= Directions =
Go through the records and filter out every line lacking the word "image"; copy the lines that remain.

= Data =
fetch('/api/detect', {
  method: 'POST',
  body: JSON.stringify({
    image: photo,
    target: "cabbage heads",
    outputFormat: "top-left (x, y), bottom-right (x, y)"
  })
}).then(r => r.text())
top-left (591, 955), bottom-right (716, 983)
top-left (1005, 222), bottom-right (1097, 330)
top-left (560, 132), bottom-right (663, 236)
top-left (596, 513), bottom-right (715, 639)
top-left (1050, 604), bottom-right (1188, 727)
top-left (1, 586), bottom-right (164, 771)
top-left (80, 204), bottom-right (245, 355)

...

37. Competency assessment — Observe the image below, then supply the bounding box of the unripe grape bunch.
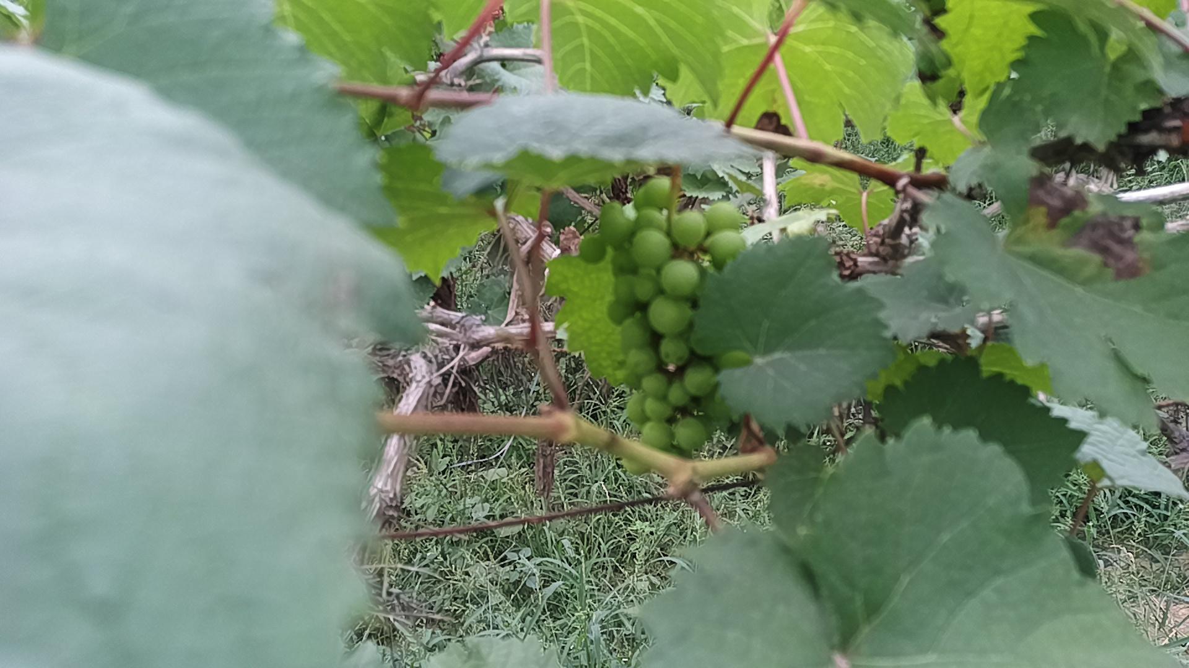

= Answer to the problem =
    image: photo,
37. Competency assessment — Observe the image below, then supply the bounding box of the unripe grape bunch.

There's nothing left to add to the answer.